Recruiting Guidelines for Hiring Managers
| Outcome Goals | Process Goals | Recruiting Process | Onboarding |
These guidelines are written primarily for the “hiring manager,” the person who has the responsibility of managing the recruitment for a specific position.
When you’re engaged in recruiting, please treat finding the right people for our team as your #1 priority.
Choosing who we have working alongside us is an incredibly important part of investing in our success as a company. Please give it your full attention, so that we are always hiring people we consider to be top talent.
Outcome Goals
Building an organization that follows horizontal practices means making sure that folks we bring on will help us grow that practice. We need folks who are “game,” have short toes, seek self-knowledge and actualization, and have unstoppable desire to communicate.

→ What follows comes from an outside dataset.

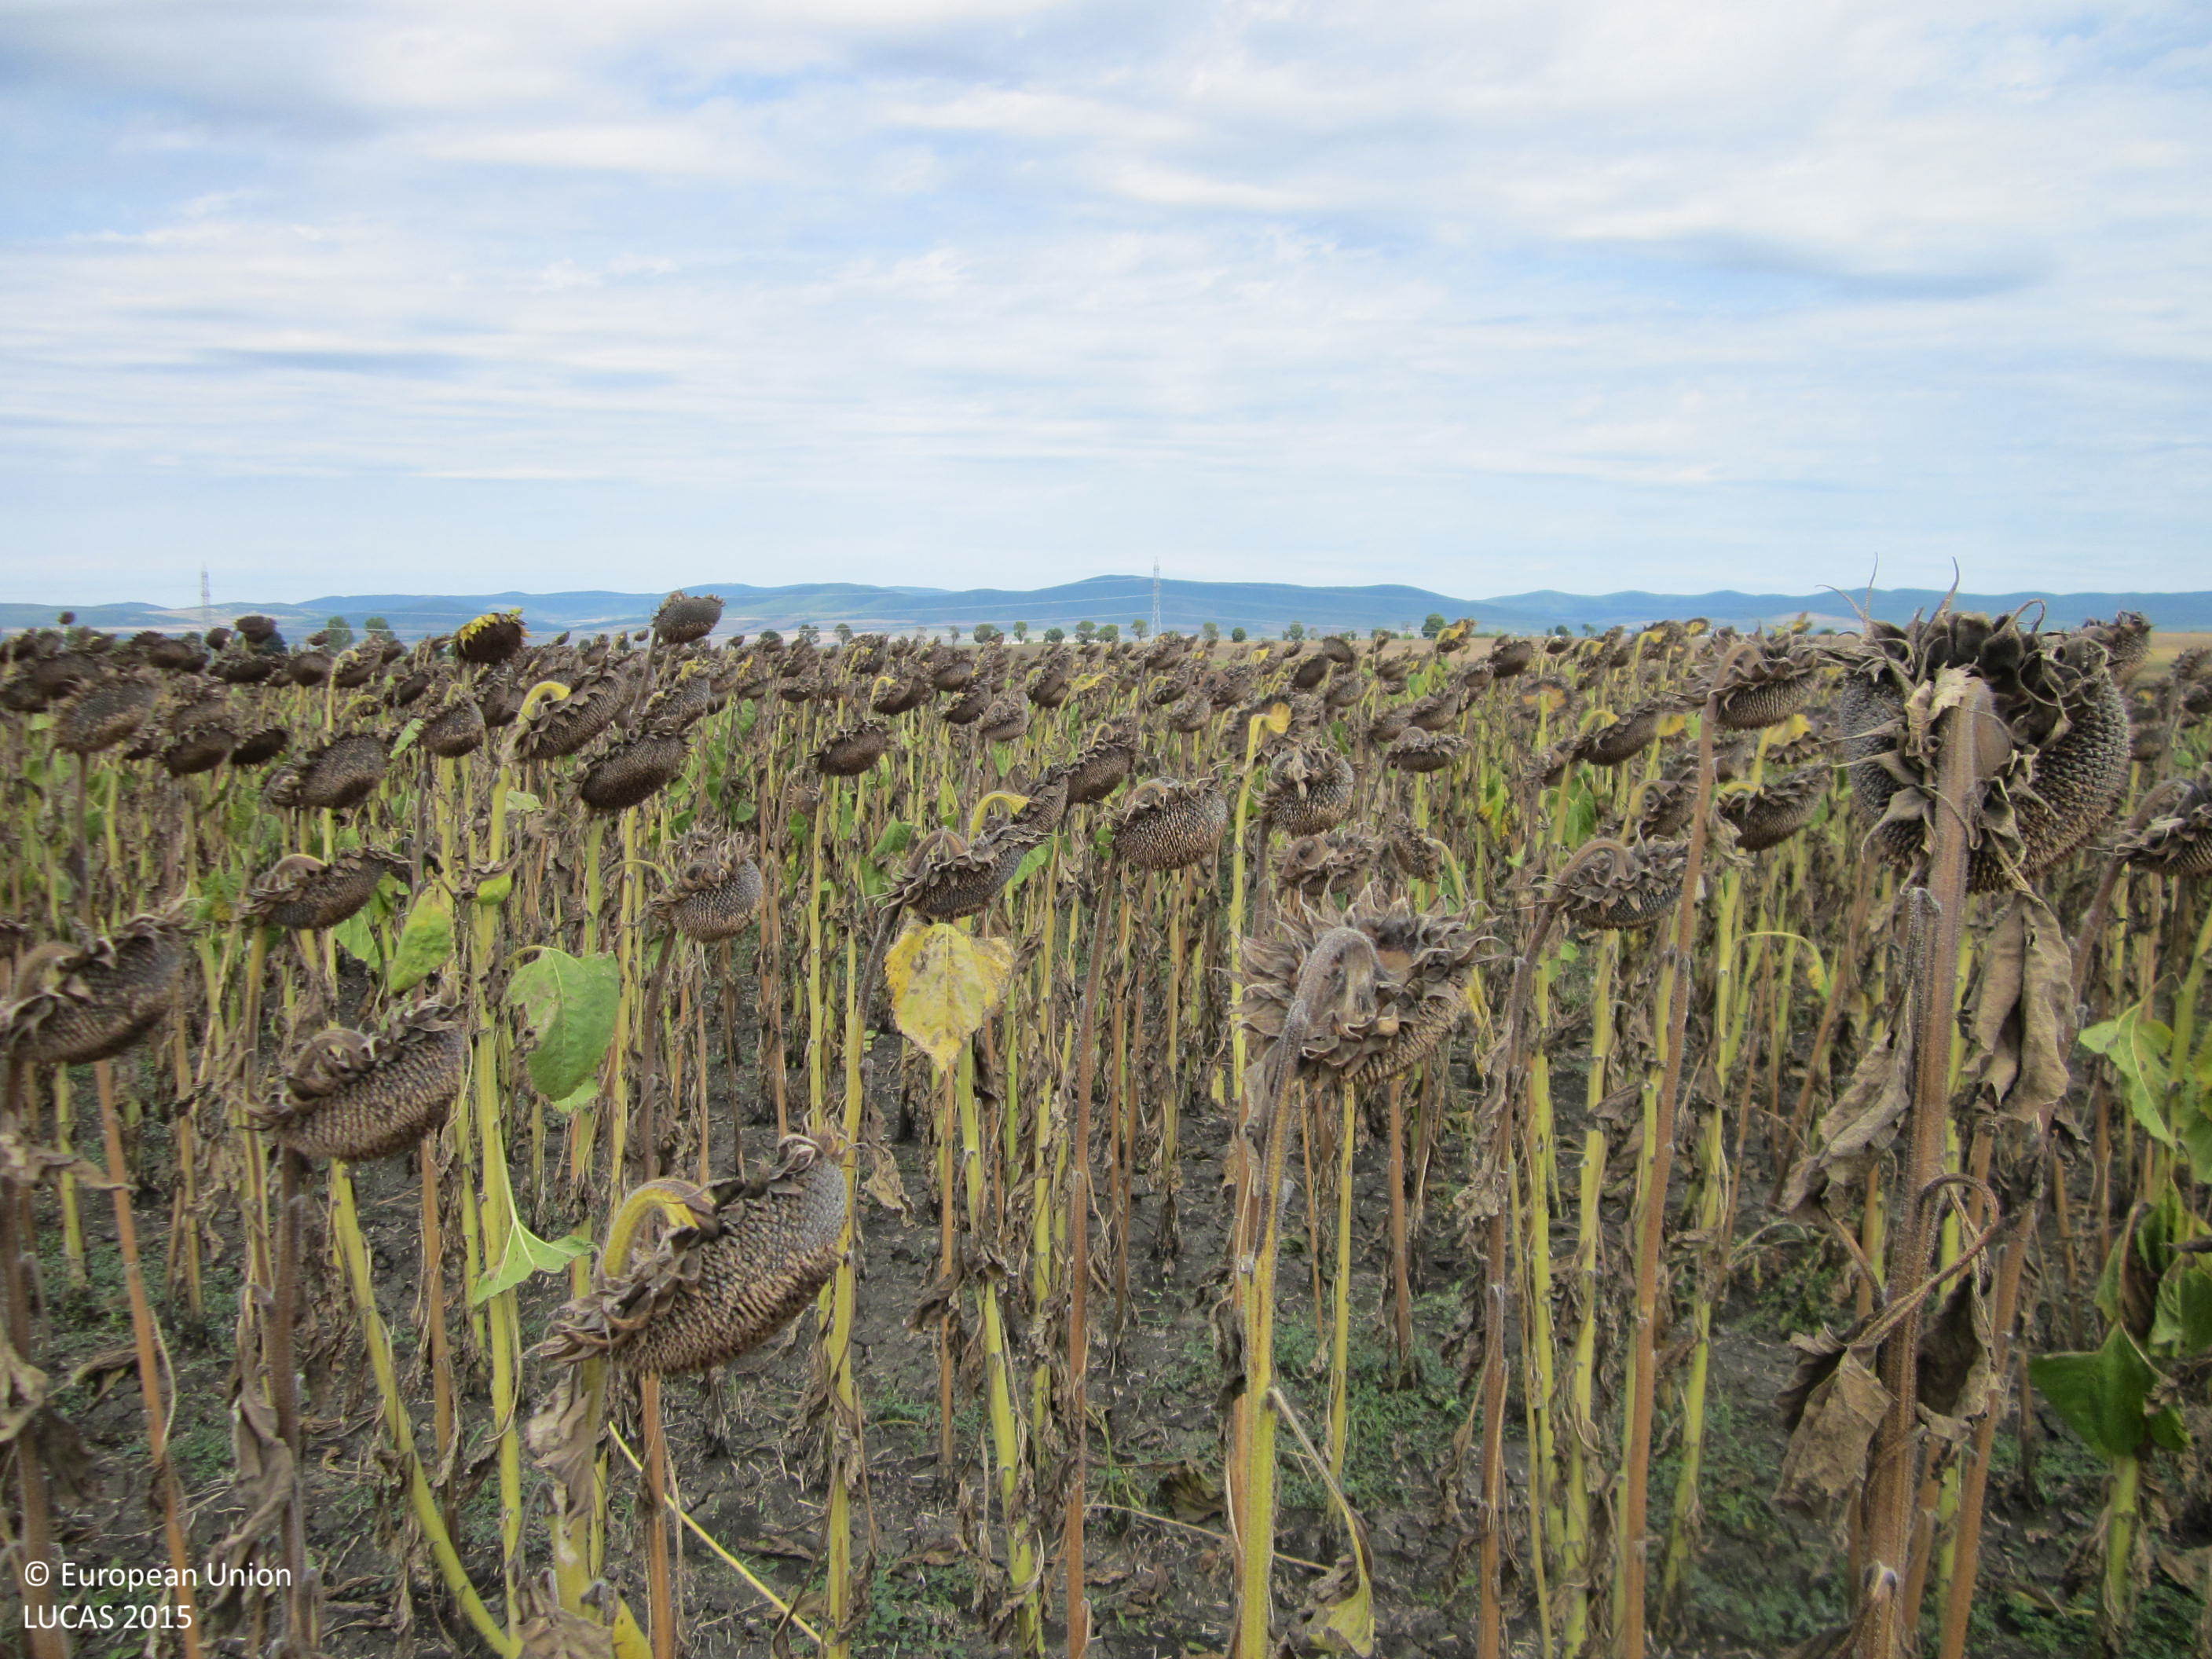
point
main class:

We’re looking for folks who will thrive in an all-remote start-up environment: at the pace we work and with the ambiguities we’re dealing with, and who will roll up their sleeves when they see a thing that needs doing.
We are a diverse team and we want to become more diverse as we grow. The way we can do this is by becoming an employer of choice, and by making extraordinary efforts to reach diverse pools of talent.
Finally, we want folks who are really excellent at what they do.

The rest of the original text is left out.